> _WHAT THE TASK ASKS_:
Could you return each entry below exactly as written, minus any pictures?

[Source records]
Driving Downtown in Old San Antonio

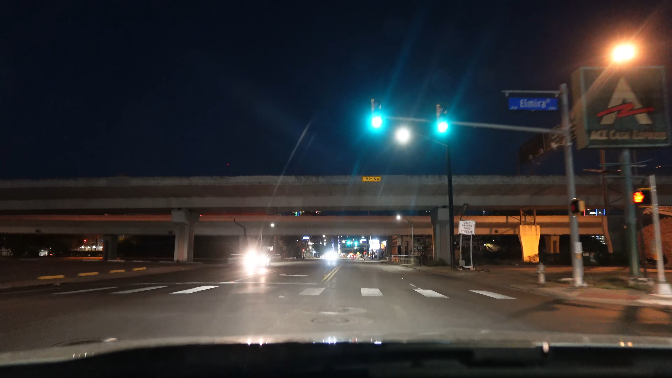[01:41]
See a lot of people walking. So here we go to the circle.
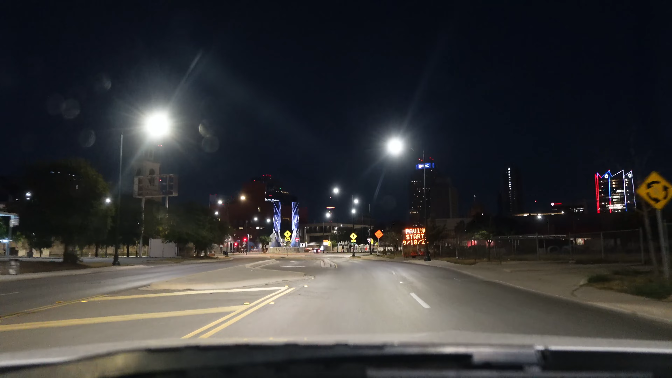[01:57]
There's Main Avenue. Don't have a road though.
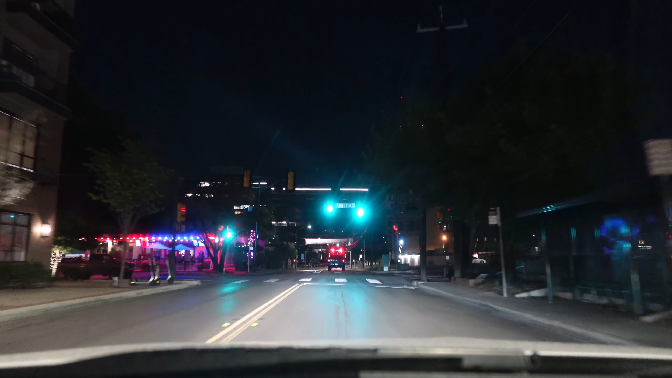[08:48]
There's kind of like a restaurant or something there.
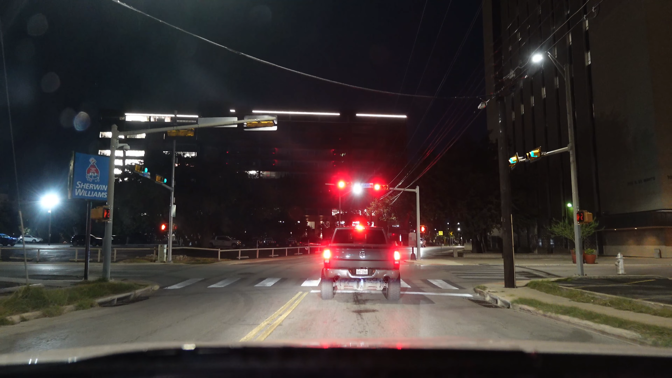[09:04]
Now, I haven't gone down this way before. So there's North St. Mary's. I'm going south, southeast. And we're coming upon the Riverwalk.
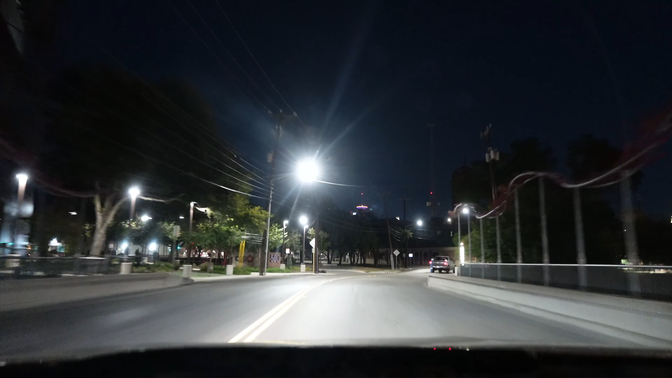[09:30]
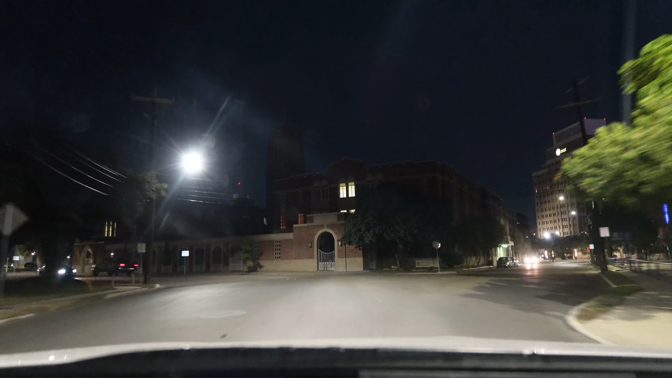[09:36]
But I think it's kind of neat when you get different buildings.
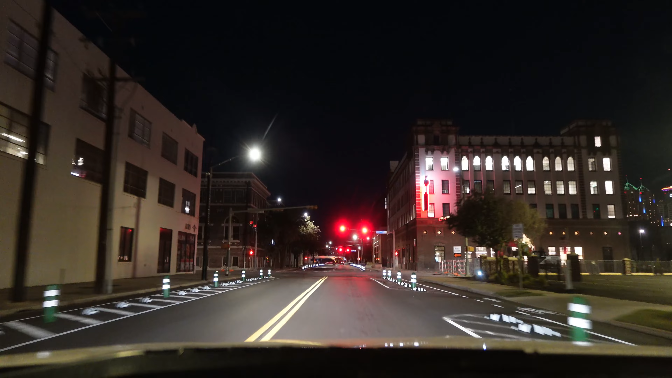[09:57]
See, Broadway is all torn apart. I don't know if they're working on buildings or on the road, but they're really tearing it apart big time.
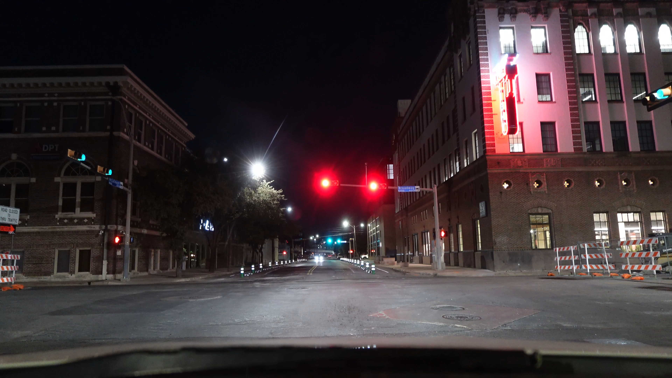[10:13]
So I'll be going down Avenue E, which you'll know. I'm just on the outskirts of the city. Downtown is just east of me, to the right.
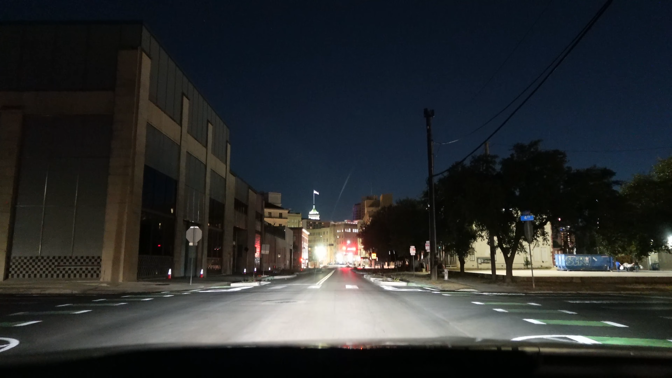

> _ANSWER FOR THIS EXERCISE_:
Driving Downtown in Old San Antonio

[01:41]
See a lot of people walking. So here we go to the circle.
[01:57]
There's Main Avenue. Don't have a road though.
[08:48]
There's kind of like a restaurant or something there.
[09:04]
Now, I haven't gone down this way before. So there's North St. Mary's. I'm going south, southeast. And we're coming upon the Riverwalk.
[09:30]
[09:36]
But I think it's kind of neat when you get different buildings.
[09:57]
See, Broadway is all torn apart. I don't know if they're working on buildings or on the road, but they're really tearing it apart big time.
[10:13]
So I'll be going down Avenue E, which you'll know. I'm just on the outskirts of the city. Downtown is just east of me, to the right.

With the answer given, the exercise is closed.